The bridge consists of 1,627 tons of structural steel and 7,402 cubic yards of concrete. Its deck towers above the Delaware River below. Its low point — on the Pennsylvania end — is 106 feet above the river’s normal low-water mark. The bridge deck’s altitude is 480 feet above mean sea level at Sandy Hook, N.J. The structure’s height was a ramification of the original 1950s design, which anticipated the construction of the proposed Tocks Island Dam and a corresponding 37-mile lake between New Jersey and Pennsylvania.

The Commission rehabilitated the bridge under a $19.1 million project that began in February 2008 and reached substantial completion shortly before Memorial Day in May 2009. The project consisted of the replacement of the bridge’s precast concrete deck panels; replacement of deteriorated supporting stringers and truss members; and blast-cleaning and painting of the entire steel superstructure. The project also included repairs or replacement of the Pennsylvania and New Jersey approaches, and installations of new signage installed on the bridge’s approaches.

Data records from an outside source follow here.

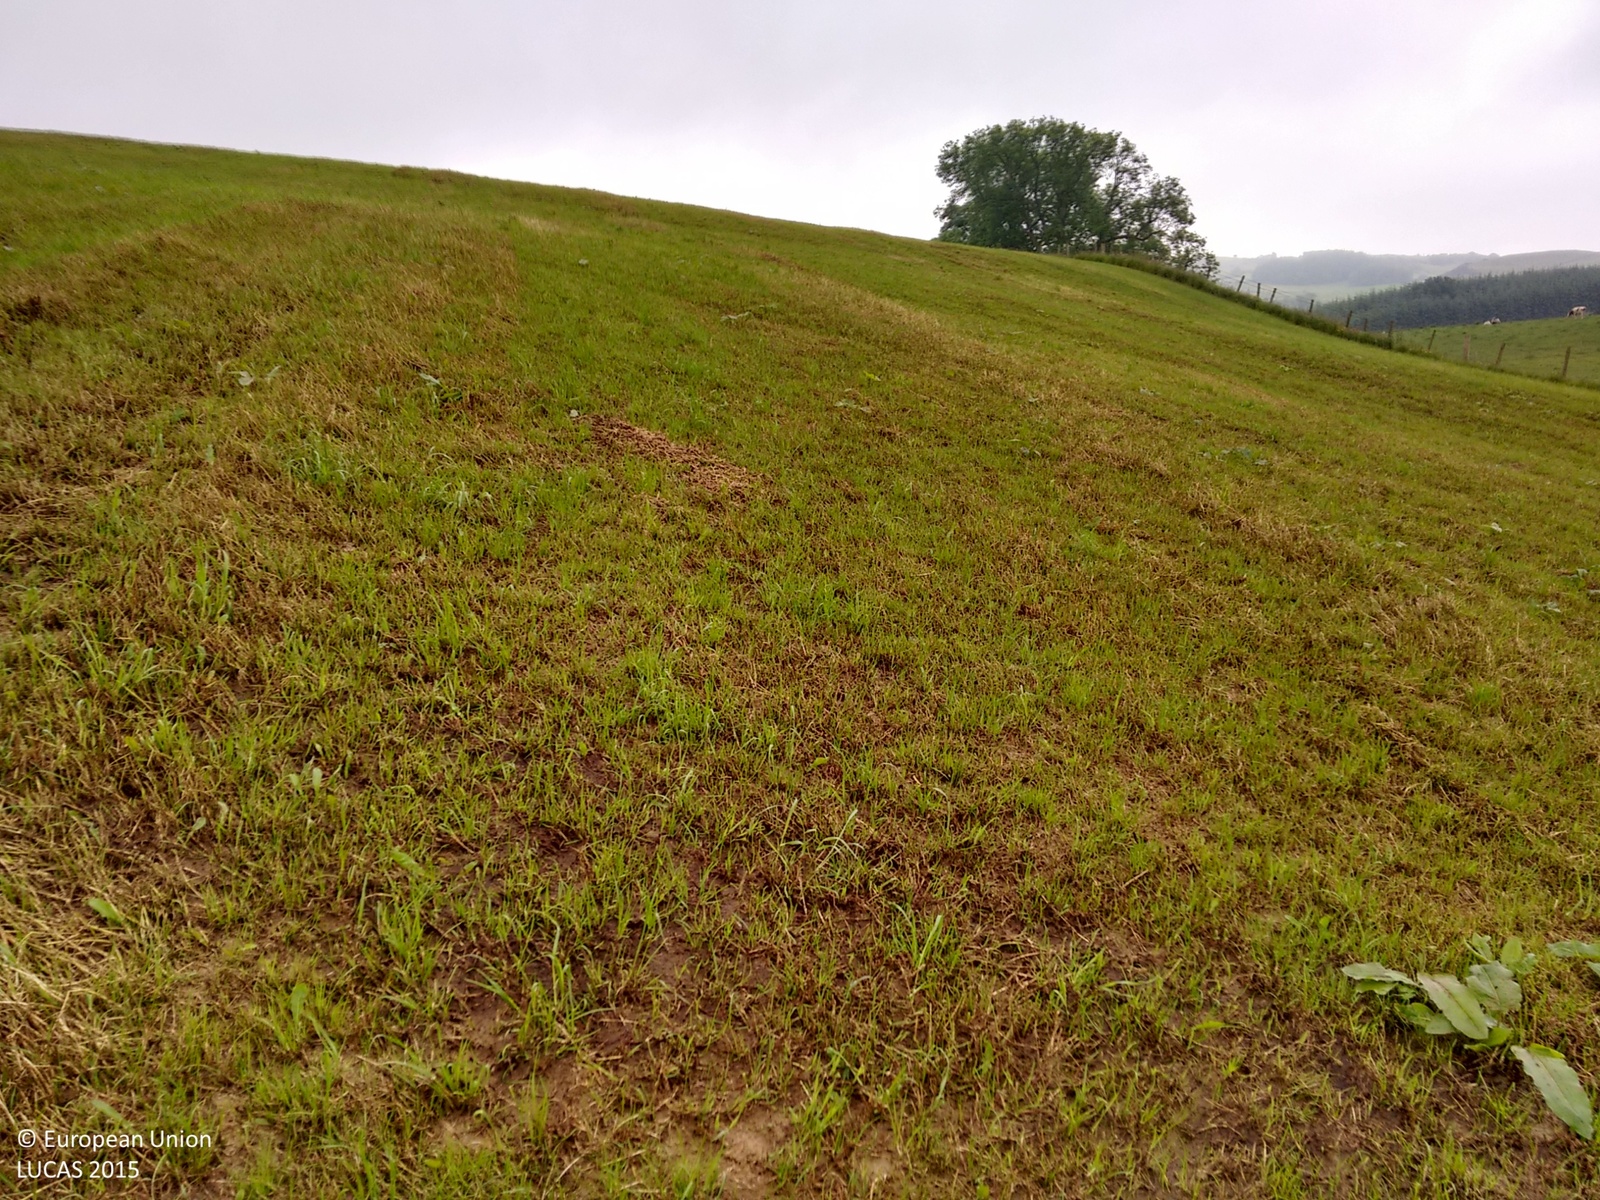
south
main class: Grassland
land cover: Grassland without tree/shrub cover
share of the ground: 25 - 50 %
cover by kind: herbaceous plants 50 %, unconsolidated bare surface 50 %
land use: Agriculture (excluding fallow land and kitchen gardens)
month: June
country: GB
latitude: 55.0656
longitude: -3.6915

The previous toll plaza was replaced with a new facility that has two new mixed-mode toll booths for processing both cash and E-ZPass electronic transactions, and an additional single lane to handle only E-ZPass customers.

Like other bridge rehabilitations the Commission conducted, the Milford-Montague project was undertaken to improve the bridge’s condition so that it can operate without the need for delay-causing repairs for at least another 15 years.